Problem to solve
Search the material below for lines containing the string "Question", and copy every one you find.

Data for analysis
※

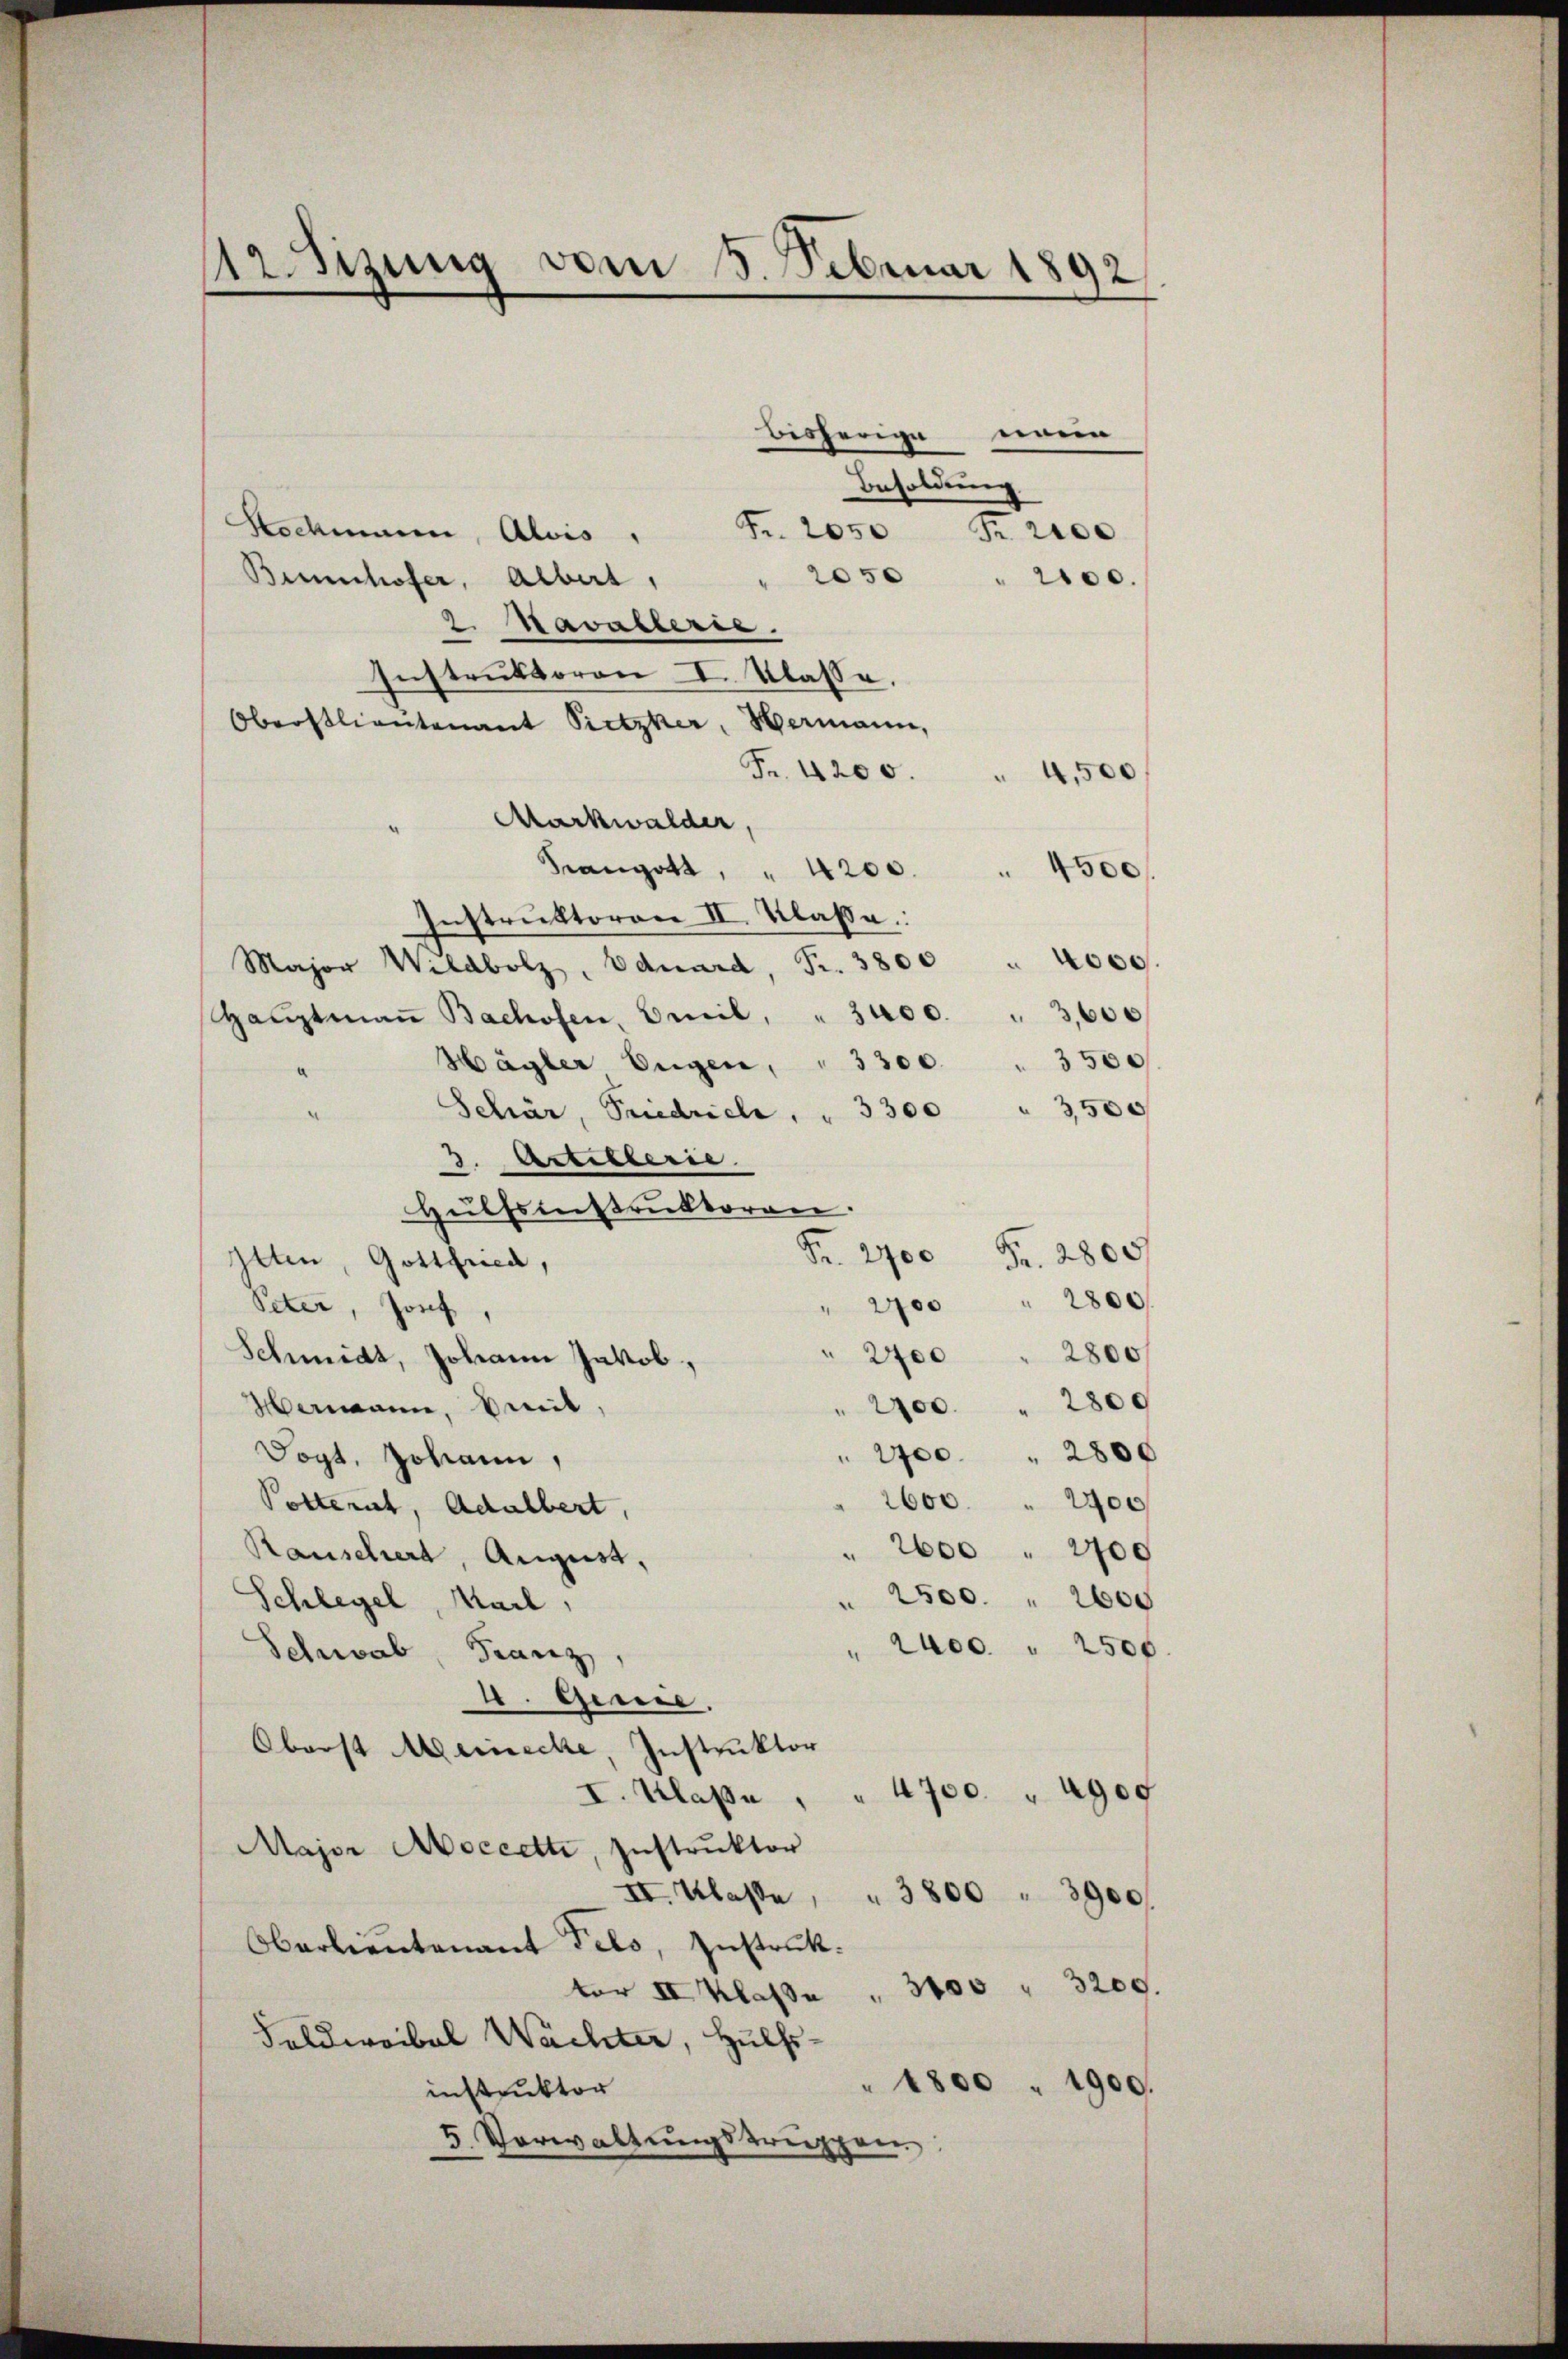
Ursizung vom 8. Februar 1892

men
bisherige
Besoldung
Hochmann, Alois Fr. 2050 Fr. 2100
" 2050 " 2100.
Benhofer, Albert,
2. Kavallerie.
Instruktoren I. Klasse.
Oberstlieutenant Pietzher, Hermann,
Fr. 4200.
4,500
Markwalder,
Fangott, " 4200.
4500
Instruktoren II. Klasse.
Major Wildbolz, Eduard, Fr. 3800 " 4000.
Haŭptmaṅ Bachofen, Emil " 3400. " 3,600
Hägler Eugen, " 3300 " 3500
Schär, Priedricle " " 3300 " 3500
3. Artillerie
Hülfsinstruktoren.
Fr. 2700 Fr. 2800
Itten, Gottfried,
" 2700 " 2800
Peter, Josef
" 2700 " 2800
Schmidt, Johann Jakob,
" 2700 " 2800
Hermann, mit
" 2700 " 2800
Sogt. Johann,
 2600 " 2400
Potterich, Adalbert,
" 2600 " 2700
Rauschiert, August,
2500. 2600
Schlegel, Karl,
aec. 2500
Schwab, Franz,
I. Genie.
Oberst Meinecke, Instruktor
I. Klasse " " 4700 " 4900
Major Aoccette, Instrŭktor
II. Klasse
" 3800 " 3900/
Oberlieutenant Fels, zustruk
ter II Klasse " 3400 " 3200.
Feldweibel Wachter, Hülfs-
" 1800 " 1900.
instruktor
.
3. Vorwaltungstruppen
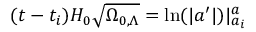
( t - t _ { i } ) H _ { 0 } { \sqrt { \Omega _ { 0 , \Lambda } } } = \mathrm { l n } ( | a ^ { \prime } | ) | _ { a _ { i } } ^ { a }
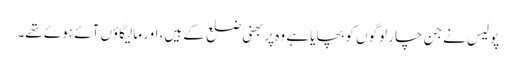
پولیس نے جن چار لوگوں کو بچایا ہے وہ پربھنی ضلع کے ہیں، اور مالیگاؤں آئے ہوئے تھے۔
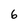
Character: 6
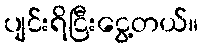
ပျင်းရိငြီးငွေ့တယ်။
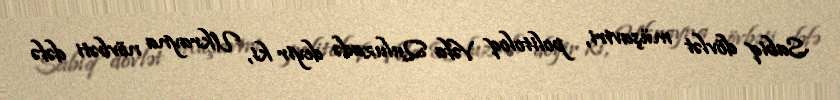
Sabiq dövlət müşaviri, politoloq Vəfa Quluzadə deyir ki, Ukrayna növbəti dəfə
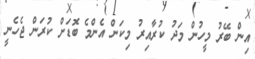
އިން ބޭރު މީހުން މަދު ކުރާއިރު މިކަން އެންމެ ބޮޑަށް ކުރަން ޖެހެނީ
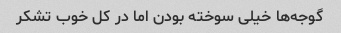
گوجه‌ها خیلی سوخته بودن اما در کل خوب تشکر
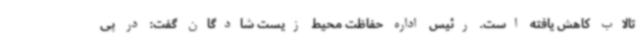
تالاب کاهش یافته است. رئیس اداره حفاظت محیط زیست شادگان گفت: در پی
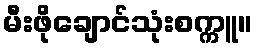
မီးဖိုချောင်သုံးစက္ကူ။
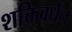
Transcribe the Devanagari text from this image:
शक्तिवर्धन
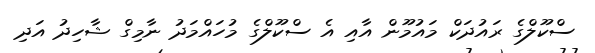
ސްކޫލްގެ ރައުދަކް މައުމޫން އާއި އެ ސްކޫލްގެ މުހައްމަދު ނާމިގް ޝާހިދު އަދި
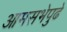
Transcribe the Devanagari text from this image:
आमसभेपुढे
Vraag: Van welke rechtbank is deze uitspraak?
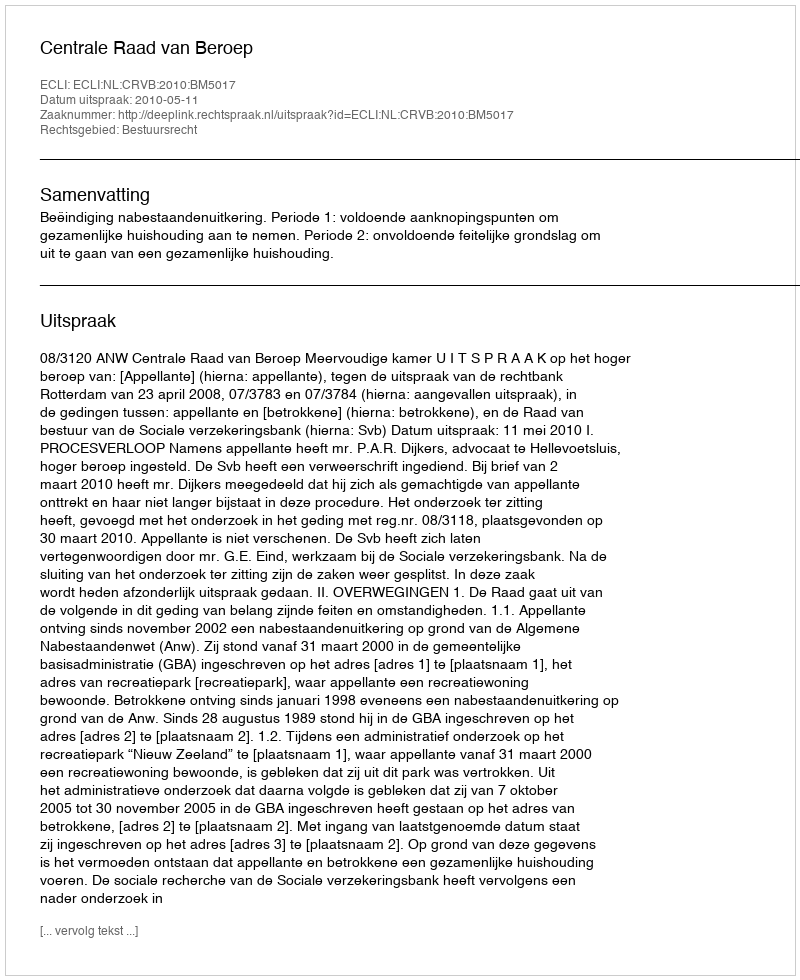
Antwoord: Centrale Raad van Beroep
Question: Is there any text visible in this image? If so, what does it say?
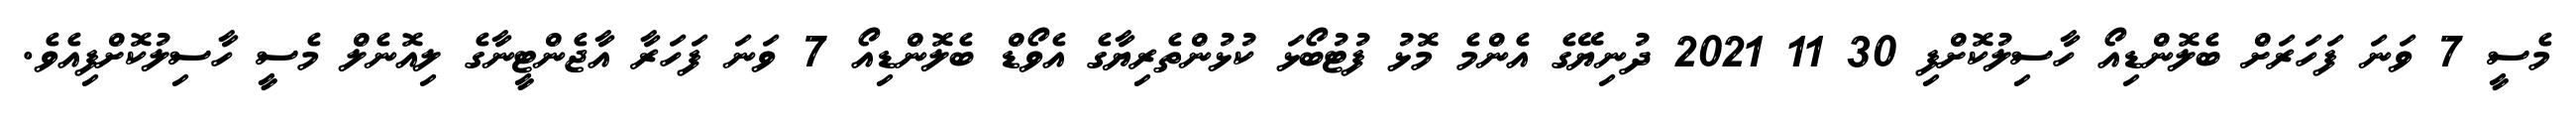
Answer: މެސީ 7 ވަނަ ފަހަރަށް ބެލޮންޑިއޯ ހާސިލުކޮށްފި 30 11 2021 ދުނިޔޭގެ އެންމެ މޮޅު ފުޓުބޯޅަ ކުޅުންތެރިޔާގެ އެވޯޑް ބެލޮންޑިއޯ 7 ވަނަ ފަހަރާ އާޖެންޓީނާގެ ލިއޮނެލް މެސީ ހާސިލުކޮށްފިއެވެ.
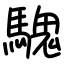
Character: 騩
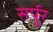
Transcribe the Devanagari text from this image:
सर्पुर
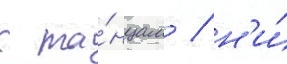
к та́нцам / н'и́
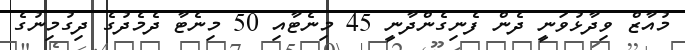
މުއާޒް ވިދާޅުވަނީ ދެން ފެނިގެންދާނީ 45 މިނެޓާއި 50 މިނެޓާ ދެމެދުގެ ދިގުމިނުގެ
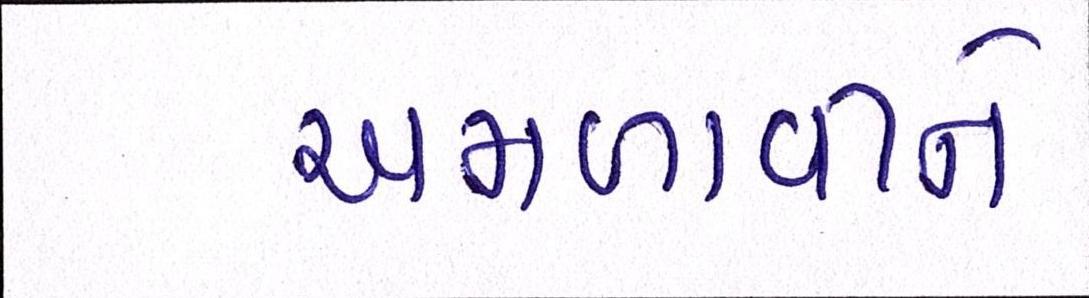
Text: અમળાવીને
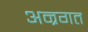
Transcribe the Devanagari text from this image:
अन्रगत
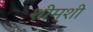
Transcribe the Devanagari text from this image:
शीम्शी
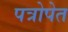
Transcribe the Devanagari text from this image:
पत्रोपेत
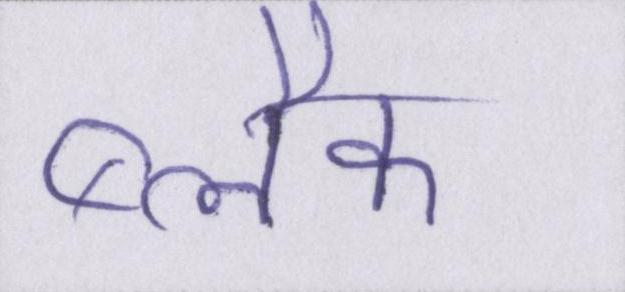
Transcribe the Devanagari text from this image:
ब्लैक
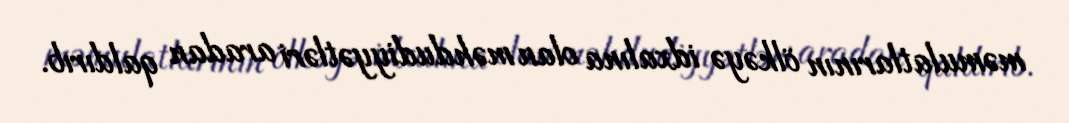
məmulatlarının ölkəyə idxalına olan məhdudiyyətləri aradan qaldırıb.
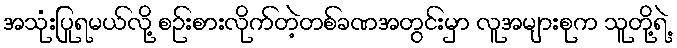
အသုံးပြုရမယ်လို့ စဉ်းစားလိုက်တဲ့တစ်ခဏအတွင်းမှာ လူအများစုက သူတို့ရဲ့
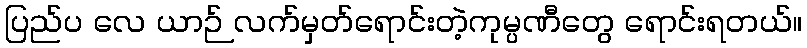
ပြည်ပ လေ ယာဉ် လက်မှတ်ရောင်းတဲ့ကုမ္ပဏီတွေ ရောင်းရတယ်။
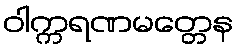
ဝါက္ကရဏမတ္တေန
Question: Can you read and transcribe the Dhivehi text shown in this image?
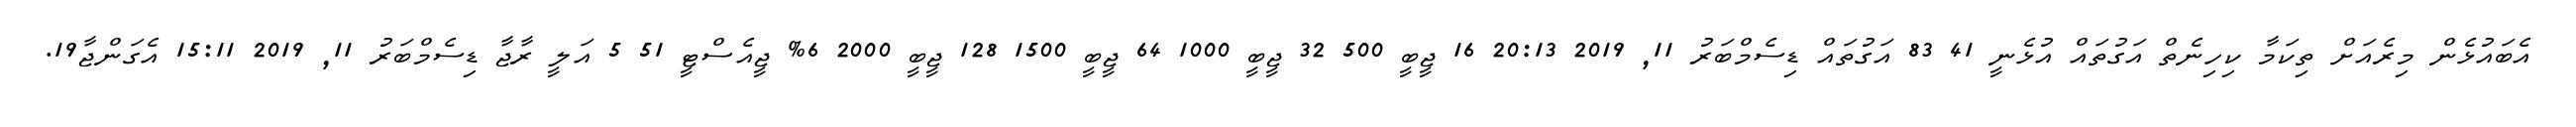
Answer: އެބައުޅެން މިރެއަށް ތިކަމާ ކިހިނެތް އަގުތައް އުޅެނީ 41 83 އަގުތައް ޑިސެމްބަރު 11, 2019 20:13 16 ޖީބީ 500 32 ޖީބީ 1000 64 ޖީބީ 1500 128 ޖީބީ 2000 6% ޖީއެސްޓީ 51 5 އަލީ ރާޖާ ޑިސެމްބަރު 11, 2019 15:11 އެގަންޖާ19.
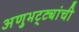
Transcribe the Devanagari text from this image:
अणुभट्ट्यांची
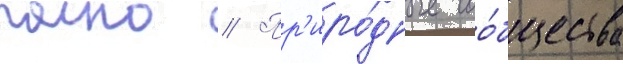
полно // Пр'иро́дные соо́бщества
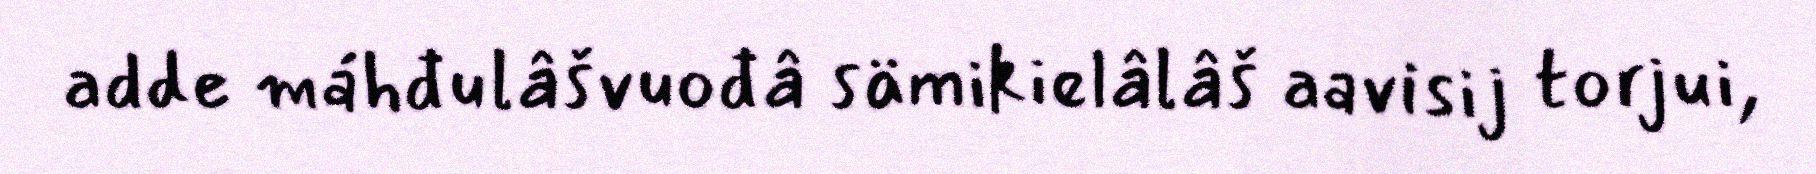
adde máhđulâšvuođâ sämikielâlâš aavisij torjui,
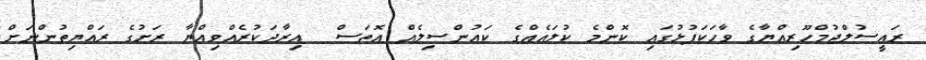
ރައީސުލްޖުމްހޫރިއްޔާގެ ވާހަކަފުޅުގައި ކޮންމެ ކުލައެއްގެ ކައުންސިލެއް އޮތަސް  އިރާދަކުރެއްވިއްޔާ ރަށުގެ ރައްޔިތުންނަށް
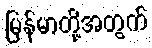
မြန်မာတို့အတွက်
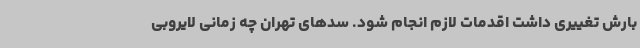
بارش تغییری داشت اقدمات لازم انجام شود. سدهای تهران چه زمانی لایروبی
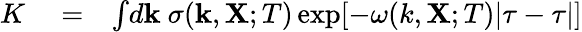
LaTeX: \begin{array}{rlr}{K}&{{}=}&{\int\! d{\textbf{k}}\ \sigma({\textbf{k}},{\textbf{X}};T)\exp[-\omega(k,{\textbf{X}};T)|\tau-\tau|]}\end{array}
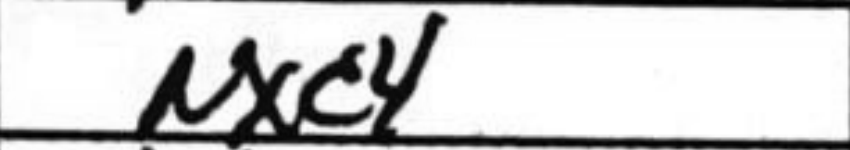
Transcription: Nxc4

※

Answer for this exercise
Question: Is there any text visible in this image? If so, what does it say?
Question: Can you read and transcribe the Dhivehi text shown in this image?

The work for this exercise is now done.